In a highly anticipated decision, the United States Court of Appeals for the Second Circuit affirmed the District Court’s decision in Kirschner v. JP Morgan Chase Bank that the syndicated loan at issue in the case was not a security and therefore not subject to state and federal securities laws. The August 24 ruling is being viewed as a victory by the loan market; any decision to the contrary would have subjected borrowers and lenders to a more complex and stringent regulatory framework, disrupting decades of market practice. 

Background

The Kirschner case arose from a $1.775 billion loan made in 2014 by several lending banks to a private lab testing company, Millennium Laboratories LLC. After Millennium filed for bankruptcy in November 2015, bankruptcy trustee, Marc Kirschner, sued the banks that arranged the loans asserting, among other things, violations of state securities laws.

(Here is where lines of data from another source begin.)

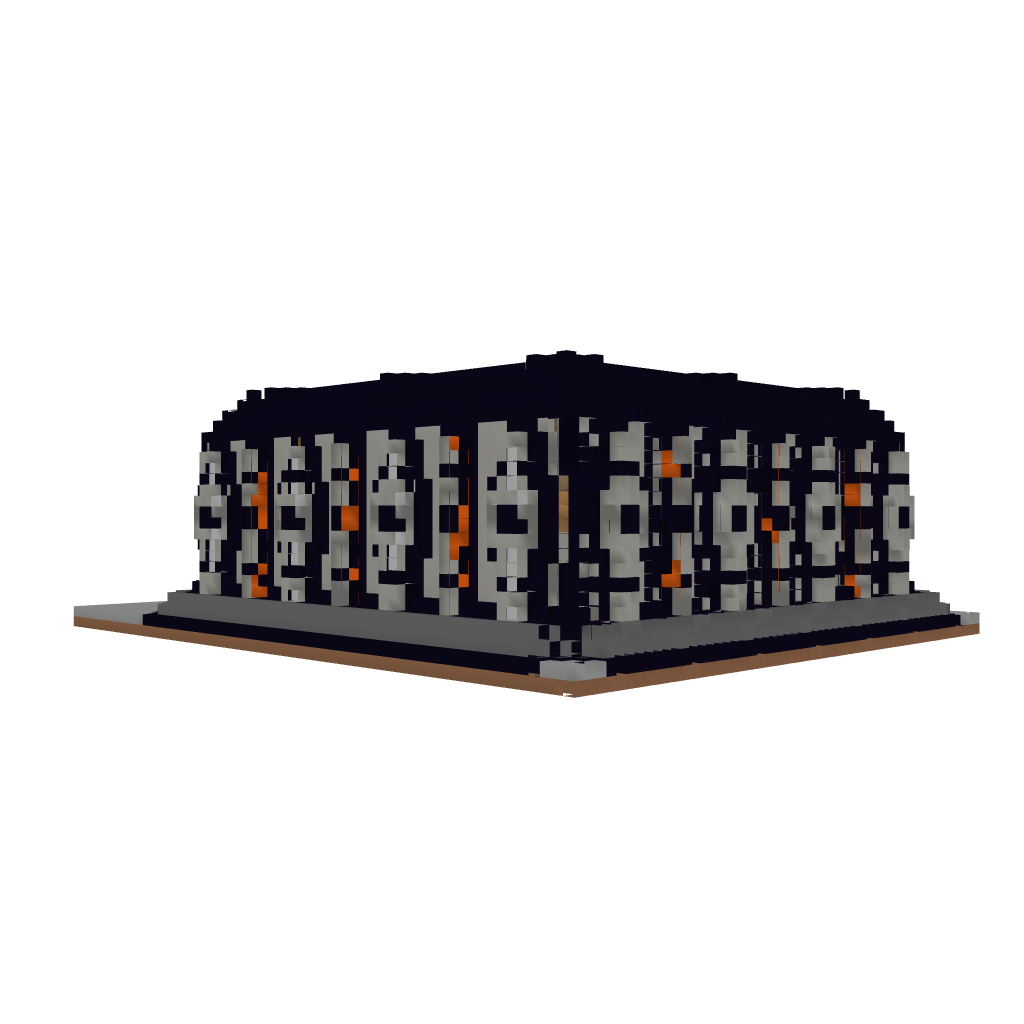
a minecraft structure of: Meeting Hall
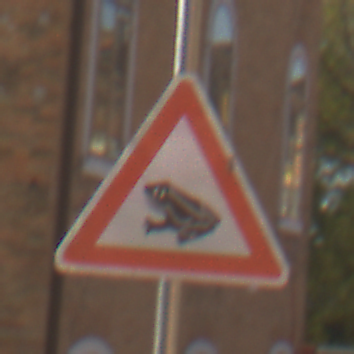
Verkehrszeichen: AmphibienwanderungRechts
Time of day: MorningAfternoon
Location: Outdoor (Urban)
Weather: Clear
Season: NotSpecified
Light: Natural
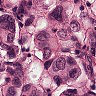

In May 2020, the United States District Court for the Southern District of New York granted the defendants’ motion to dismiss the trustee’s claims finding that the loans did not qualify as securities. In reaching this decision, the District Court applied the four-factor “family resemblance test” previously adopted by the Supreme Court in 1990 in Reves v. Ernst & Young.

The Appeal 

The trustee filed an appeal seeking to overturn the District Court’s ruling. After oral arguments in March 2023, the Loan Syndications and Trading Association (LSTA), together with the Bank Policy Institute, filed an amicus brief in support of the position that syndicated term loans are not securities. The Second Circuit subsequently invited the Securities Exchange Commission to share its views on the issue. The SEC declined.

In its decision, the Second Circuit agreed with the District Court and, applying the Reves test, determined that the loans are distinguishable from other instructions that qualify as securities.

Implications

The Second Circuit’s ruling comes as a relief to a loan market that faced increased compliance costs, new constraints on borrowers and lenders, and burdensome disclosure requirements had the decision gone the other way. Notwithstanding this “win,” it is important to note that the Reves test is fact-specific and it is possible that the question of whether loans are securities is raised again under different circumstances. For now, though, loan market participants can comfortably rely on the existing framework without fear of imminent disruption.

The case is Kirschner v. JPMorgan Chase Bank, 21-2726, Second US Circuit Court of Appeals (Manhattan).